Ma palme ! Hafsia a son meilleur. Une actrice née qui sublime à son tour celles et ceux qu’elle filme. Ce film est d’une délicatesse folle. Dans la réalité d’un/e autre metteur en scène, cette petite dernière aurait subi moult désagréments. Rien de tout cela ici. L’environnement est aimant. Ca éloigne les propos dérivatifs nuisibles et faciles. Point de grand frère violent ou de voisin commère. Hafsia ne cherche jamais le sensationnel et on la remercie d’exister et de faire du cinéma, pour cela. Et pour plein d’autres raisons encore. Elle pose son regard sur les gens et sur les situations de façon implacable mais tellement humaine et douce, qu’elle sublime tout. Ca ne se travaille pas ça, ça ne s’apprend pas. Elle est, et elle donne. C’est d’un naturel et d’une puissance sans nom. Implacable.
En voilà du cinéma politique, sans être du cinéma politique. Hafsia maitrise totalement son propos. Elle donne vie à ce personnage qu’on n’avait encore jamais vu au cinéma, pour l’implanter dans la réalité de sa génération, au sein même de sa société. On affronte les réalités sociales oui, mais aussi religieuses de son environnement – qui se trouve être le notre – La France de 2025 avec ce qu’elle offre de meilleur pour ce gain de visibilité donné à des minorités, et de plus navrant dans les idées courtes et fermées de certains.
Mais ce qui est véritablement montré ici c’est le chemin de cette jeune femme qui trace sa route, comme nous sommes tous amenés à leur faire. Avec son bagage familial, son bagage culturel, social… La voir avancer avec cette confiance, cette ténacité est une des plus belles choses que j’ai pu voir lors de cette édition cannoises, et depuis longtemps au cinéma.
Et ca méritait forcément un prix d’interprétation féminine.
Mais alors comment tracer son chemin, son chemin propre, sans rien renier de son héritage ?
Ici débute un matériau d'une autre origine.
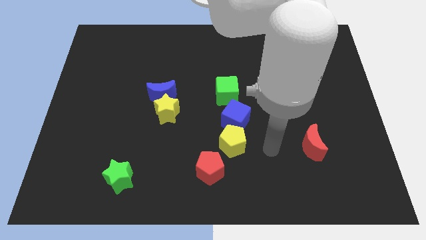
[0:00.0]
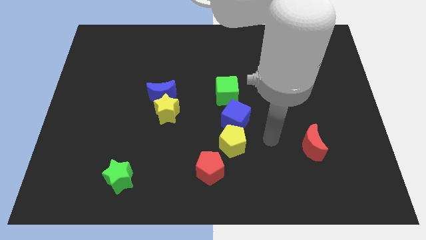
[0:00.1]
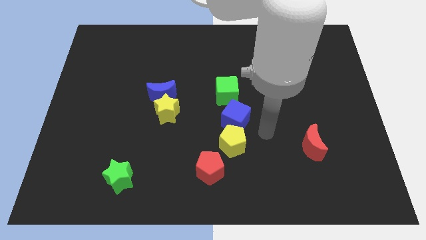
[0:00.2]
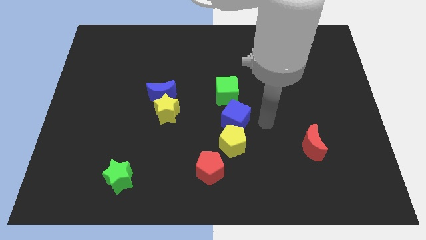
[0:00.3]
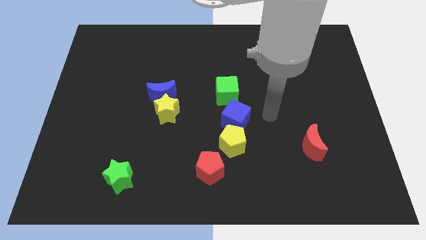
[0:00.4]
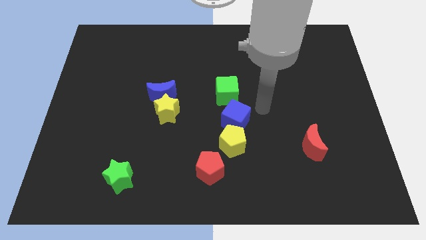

Fatima est véritablement un personnage de cinéma qui ouvre des portes. En laquelle des tas de jeunes femmes peuvent et pourront s’identifier. Et c’est important. Et ce, dans une douceur réelle qui fait du bien à notre réel.
Hafsia a bien compris que le monde est assez dur comme ça, pour donner encore plus de dureté. Elle choisit la douceur (et non pas la légèreté pour autant) et on la remercie pour ça également.